If that's what you want, then okay, but that's not what I've been led to believe a cluster-randomized study design is supposed to look like, and I suggest describing the study design differently. Again, that's just preliminary clarification of what your intention is.

Hi Joseph Coveney you are absolutely right, each cluster is allocated to one arm in the trial - thanks for spotting the issue. I modified my code to fix it and it seems to be working ok. Could you also advise on the best way to simulate the data?

clear
set seed 12345

set obs 20
g clusternum = _n

sort clusternum
sum clusternum
local mid = `r(N)'/2
local mid2 = `mid'+1
di `mid'
g group = 1 in 1/`mid'
replace group = 2 in `mid2'/`r(N)'

g obs_per_cluster = 5
expand obs_per_cluster
tab cluster group

bysort clusternum: g id = _n

g pid = _n

* Set icc same in both groups
local icc = 0.25
g sigma = sqrt((`icc' * _pi^2) / (3-3 *`icc'))
g double pid_u = rnormal(0, sigma)

g pr1 = logit(0.2) if group==1
g xbu1 = pr1+ pid_u
g byte out1 = rbinomial(1, invlogit(xbu1)) if group==1
tab out1
g pr2 = logit(0.5) if group==2
g xbu2 = pr2+ pid_u
g byte out2 = rbinomial(1, invlogit(xbu2)) if group==2
tab out2

g out = out1 if group==1
replace out = out2 if group==2
tab out group, col

xtlogit out i.group, i (pid) re nolog

You could try something along the lines below. A few notes.

First, the unit of analysis is cluster and not individual participant, and so that's where your ICC and random effect specification for -xtlogit- need to come into play.

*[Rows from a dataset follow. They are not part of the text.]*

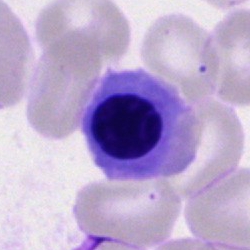 Specimen: bone marrow smear.
Cell: normoblast.
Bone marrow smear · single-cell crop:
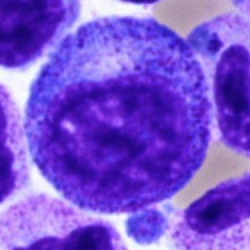 Q: Which cell type is shown here?
A: Promyelocyte.
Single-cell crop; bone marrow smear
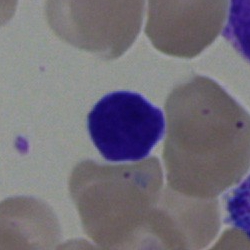Showing a hairy cell.
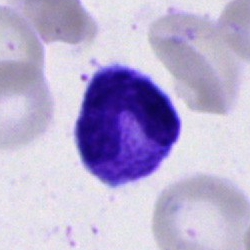

Morphological class — band neutrophil.
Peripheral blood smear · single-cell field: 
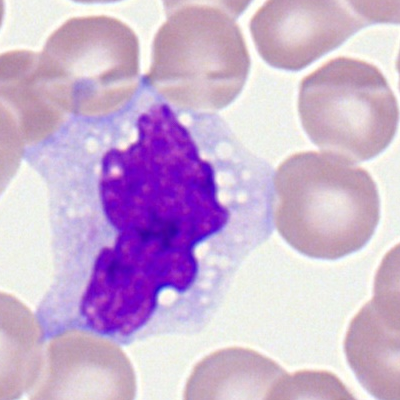 Q: What is shown here?
A: It is a monocyte.
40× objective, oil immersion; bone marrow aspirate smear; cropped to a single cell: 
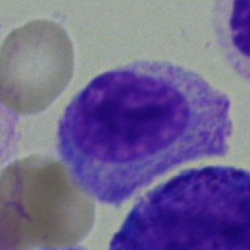 Single cell identified as a myelocyte.
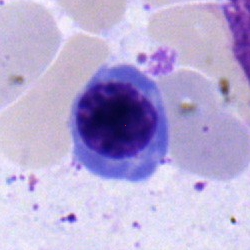 Specimen: bone marrow smear.
Cell: nucleated red cell.
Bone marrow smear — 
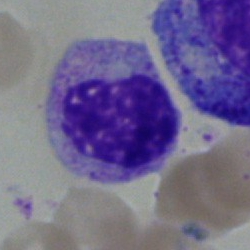 This is a myelocyte.
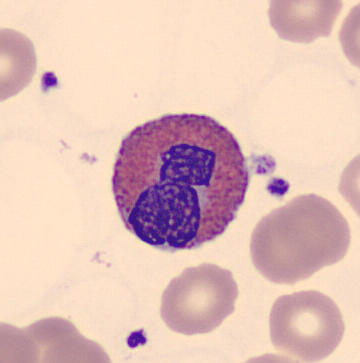Morphology — eosinophilic granulocyte.

Single-cell field. Peripheral blood smear.
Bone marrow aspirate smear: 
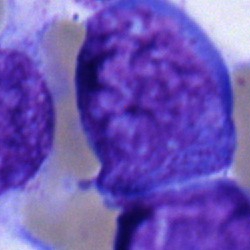 Impression — blast.
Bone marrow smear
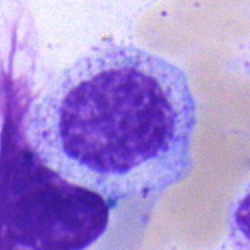

The cell shown is a myelocyte.

Second, if you're going to do simulations, then you'll need to put the data-generating process into a program (ado) and call it repeatedly with something like -simulate-.

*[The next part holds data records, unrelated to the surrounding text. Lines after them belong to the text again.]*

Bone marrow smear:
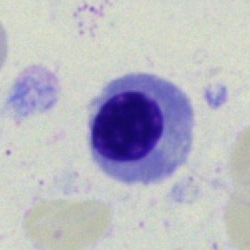

Morphological class — erythroblast.
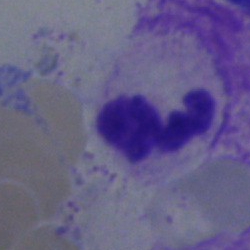
This is a neutrophil (segmented).
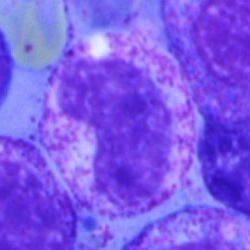The classification is band-form neutrophil.
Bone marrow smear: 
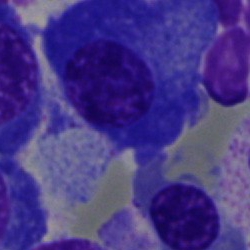 This is a plasma cell.
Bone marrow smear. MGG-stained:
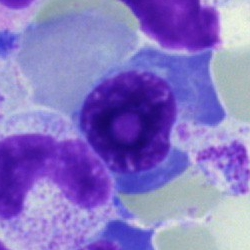

Morphological class — erythroblast.
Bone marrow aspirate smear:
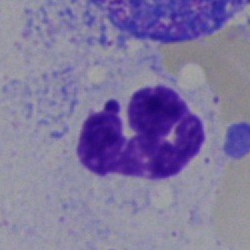
A neutrophil (segmented).
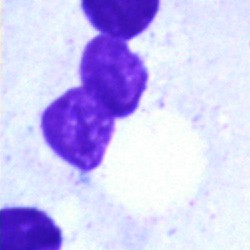

Bone marrow aspirate smear, single cell — artefact.
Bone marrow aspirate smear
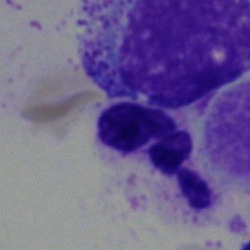Impression → neutrophil (segmented).
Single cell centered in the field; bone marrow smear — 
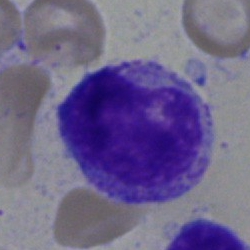 Q: Which cell type is shown here?
A: A myelocyte.
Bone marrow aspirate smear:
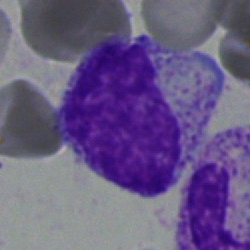Morphology — myelocyte.
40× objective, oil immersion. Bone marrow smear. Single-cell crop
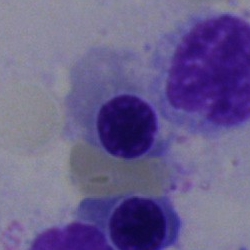Specimen: bone marrow aspirate smear.
Morphological class: nucleated red cell.
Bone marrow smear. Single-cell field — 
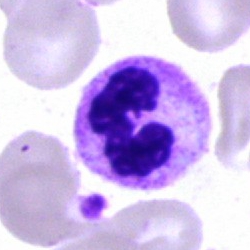
The cell shown is a segmented neutrophil.
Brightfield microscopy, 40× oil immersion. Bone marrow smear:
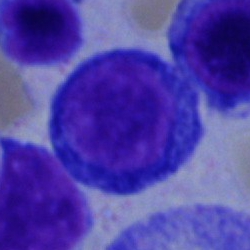A proerythroblast.
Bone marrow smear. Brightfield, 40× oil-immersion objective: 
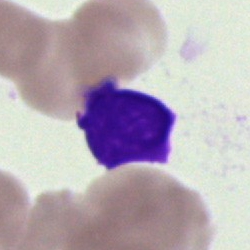 Morphological class: artefact.

Last, with so few clusters, you're not likely to hit exactly on the desired ICC of 0.25, but it should be fairly close: an average of 0.22 in the example above, if you decide to run the code with the seed shown there. And your use of estimation / test methods like -xtlogit- that assume large-sample sizes is a little iffy, especially with cluster numbers (they matter much more than counts within clusters) in the neighborhood of twenty.

Thanks Joseph Coveney - this is really helpful.

I am very new to writing little programs so I opted for starting with a basic do file and then build the ado - I thought this would help with debugging and making sure everything works. You having added the structure for the ado is really helpful too.

We plan to have more clusters (~30) and more participants per clusters but I wanted to start with small numbers to make checking easier while writing the code.

OK, I suspected as much, but wanted to mention it anyway. You might want to walk through what I have there and make sure that I haven't made any goofs.

Also, when you go to using your program in simulations, you might want to add a limitation to the number of iterations in order to force a timeout in case a particular realized dataset won't allow xtlogit to converge. Something maybe along these lines: For simple regression models and large enough samples, it won't likely be a problem, but if you anticipate occasional failures to converge among thousands of iterations, then you'll save some time by cutting those short.

Hi Joseph Coveney , I finally spent more time on this and I have a follow-up question. I should first give you some more information. I had estimated the needed sample size for the trial to have 90% power, using the -power- command in Stata - disease rate is low:

power twoproportions 0.07 0.01, p(.9) cluster m1(15) m2(15) rho(0.01)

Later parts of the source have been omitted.